CAR receptor affinity is the primary lever for tumor killing, but it comes at a direct cost to safety. Tighter-binding CARs (lower Kd) activate more readily on tumor cells, but they also begin to recognize the low levels of antigen present on healthy tissue. The optimizer discovers that a moderate affinity around 20–30 nM provides strong killing while preserving the selectivity window. Very high-affinity CARs (Kd < 5 nM) are a deceptive local optimum — they score well on cytotoxicity but fail the safety objective.

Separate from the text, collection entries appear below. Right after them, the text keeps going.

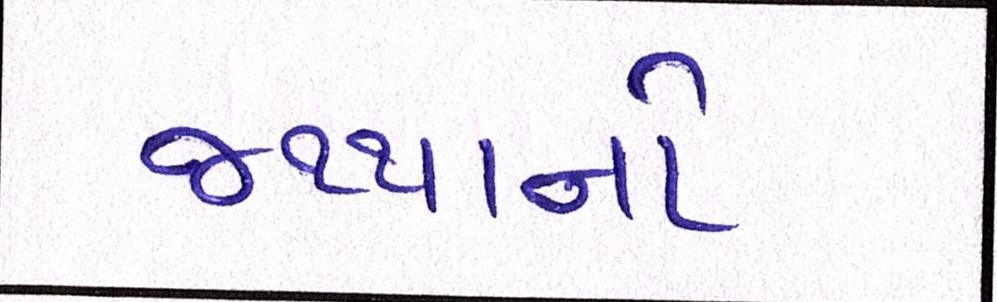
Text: જથ્થાનો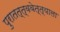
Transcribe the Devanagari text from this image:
पुरातत्त्ववेत्त्याला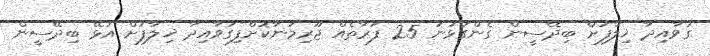
ގަވާއިދާ ޚިލާފަށް ބިދޭސީން ގެންގުޅުނު 25 ފަރާތެއް ޖޫރިމަނާކޮށްފިގަވާއިދާ ޚިލާފަށް އުޅޭ ބިދޭސީން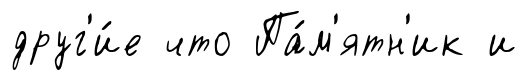
друг'и́е что Па́м'ятн'ик и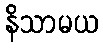
နိသာမယ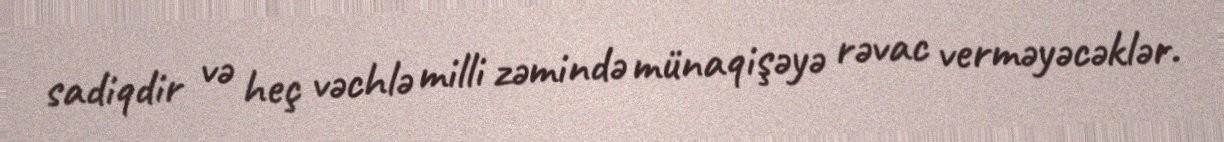
sadiqdir və heç vəchlə milli zəmində münaqişəyə rəvac verməyəcəklər.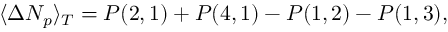
\langle \Delta N _ { p } \rangle _ { T } = P ( 2 , 1 ) + P ( 4 , 1 ) - P ( 1 , 2 ) - P ( 1 , 3 ) ,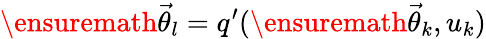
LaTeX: \ensuremath{\vec{\theta}}_{l}=q^{\prime}(\ensuremath{\vec{\theta}}_{k},u_{k})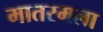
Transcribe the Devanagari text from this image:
मातरमला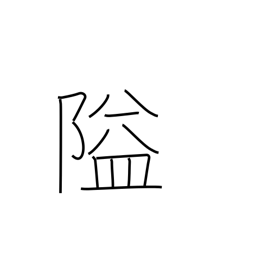
Meaning: obstruct

The synNotch receptor acts as a tunable antigen-density gate. Its affinity determines the threshold at which the circuit "switches on." A synNotch with moderate affinity (~200 nM Kd) creates a sharp sigmoidal response: silent on healthy cells (low antigen density) but fully active on tumors (high density). Too tight a synNotch (Kd < 100 nM) fires on healthy cells too, collapsing the safety margin. Too loose (Kd > 400 nM) and the circuit fails to activate even on tumors. The sweet spot around 150–250 nM is where the antigen-density discrimination is strongest.

Promoter strength creates a direct tension between potency and durability. Stronger promoters drive higher CAR expression upon activation, boosting tumor killing. But they also increase the risk of "tonic signaling" — low-level CAR expression even without antigen engagement — which chronically stimulates the T cell and accelerates exhaustion. The optimizer learns that moderate promoter strength (0.3–0.5 a.u.) provides sufficient killing while avoiding the exhaustion trap.

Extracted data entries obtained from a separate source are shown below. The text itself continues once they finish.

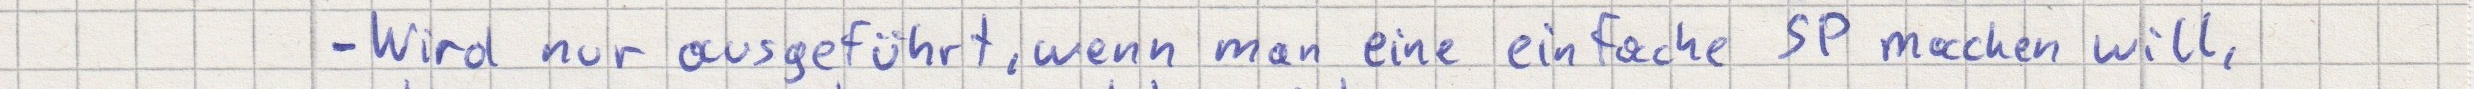
- Wird nur ausgeführt, wenn man eine einfache SP machen will,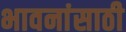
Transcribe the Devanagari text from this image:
भावनांसाठी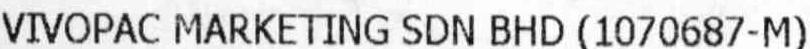
VIVOPAC MARKETING SDN BHD (1070687-M)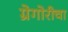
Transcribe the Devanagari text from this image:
ग्रेगोरीचा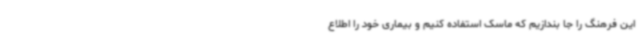
این فرهنگ را جا بندازیم که ماسک استفاده کنیم و بیماری خود را اطلاع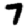
Digit: 7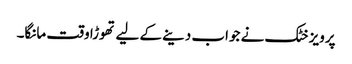
پرویز خٹک نے جواب دینے کے لیے تھوڑا وقت مانگا۔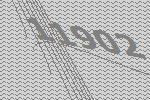
11902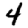
Digit: 4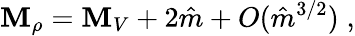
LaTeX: \mathbf{M}_{\rho}=\mathbf{M}_{V}+2\hat{{m}}+O(\hat{{m}}^{3/2})\; ,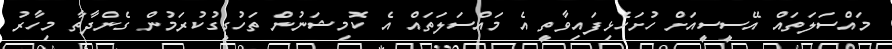
މައްސަލަތައް އޭސީސީއަށް ހުށަހެޅިފައިވާތީ އެ މައްސަލަތައް އެ ކޮމިޝަނުން ތަހުގީގުކުރަމުން ގެންދާތާ މިހާރު

The costimulatory domain fundamentally shapes the speed-vs-endurance trade-off. CD28 delivers rapid, powerful activation and the highest immediate cytotoxicity, but it drives T cells toward terminal differentiation and exhaustion within 2–3 weeks. 4-1BB promotes memory T cell formation and can sustain functional T cells for over 40 days, but at the cost of slower, weaker initial killing. The dual CD28+4-1BB design emerges as the Pareto-optimal choice — capturing most of CD28's killing power while retaining much of 4-1BB's persistence advantage.

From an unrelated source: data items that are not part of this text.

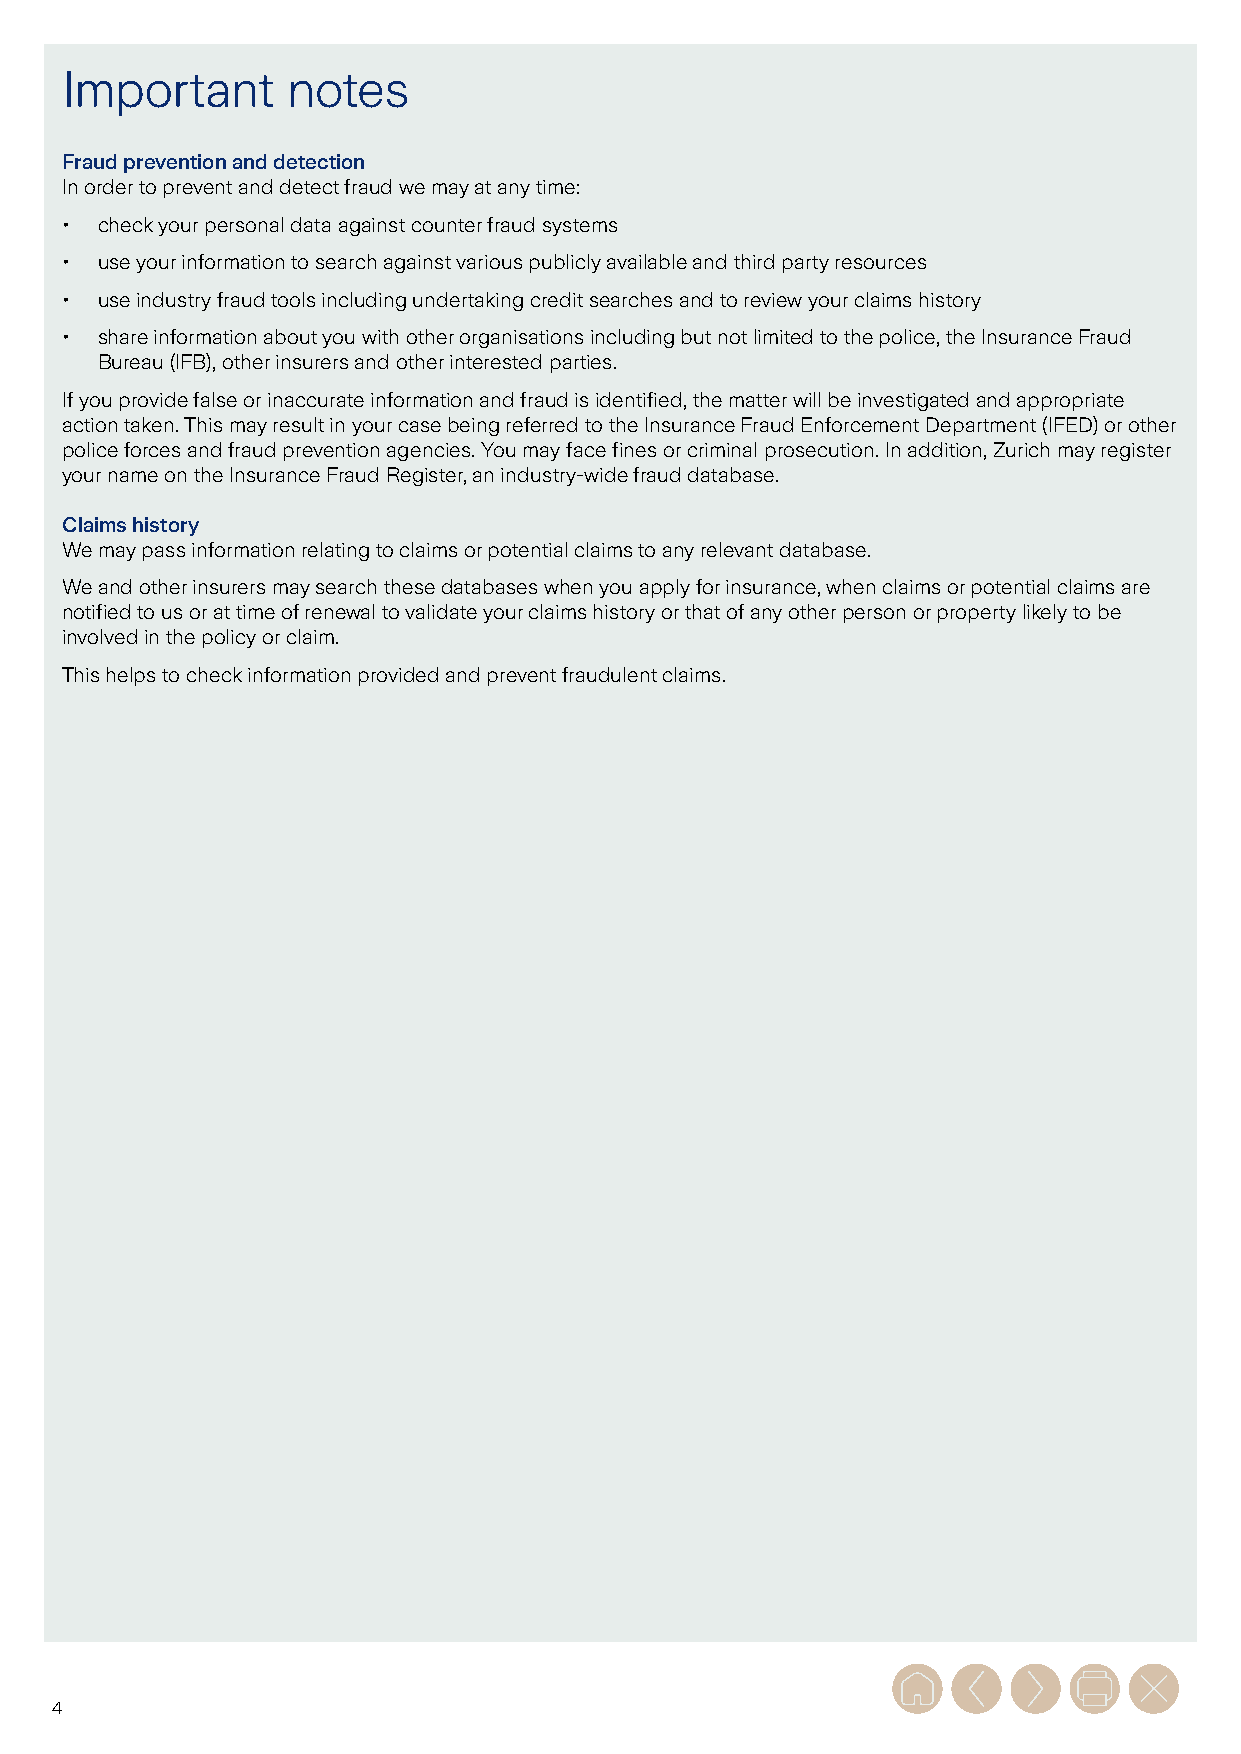
Important      notes
 Fraud prevention and detection
 In order to prevent and detect fraud we may at any time:
 • check your personal data against counter fraud systems
 • use your information to search against various publicly available and third party resources
 • use industry fraud tools including undertaking credit searches and to review your claims history
 • share information about you with other organisations including but not limited to the police, the Insurance Fraud
 Bureau (IFB), other insurers and other interested parties.
 If you provide false or inaccurate information and fraud is identified, the matter will be investigated and appropriate
 action taken. This may result in your case being referred to the Insurance Fraud Enforcement Department (IFED) or other
 police forces and fraud prevention agencies. You may face fines or criminal prosecution. In addition, Zurich may register
 your name on the Insurance Fraud Register, an industry-wide fraud database.
 Claims history
 We may pass information relating to claims or potential claims to any relevant database.
 We and other insurers may search these databases when you apply for insurance, when claims or potential claims are
 notified to us or at time of renewal to validate your claims history or that of any other person or property likely to be
 involved in the policy or claim.
 This helps to check information provided and prevent fraudulent claims.
 4

Hinge length has a moderate effect on immune synapse formation. An intermediate hinge (~45 amino acids) provides optimal spacing for the CAR to engage the target antigen. Shorter hinges restrict access to membrane-proximal epitopes, while longer hinges can reduce signal transduction efficiency. The effect is less dramatic than affinity or costimulation choices, but it fine-tunes performance at the margins.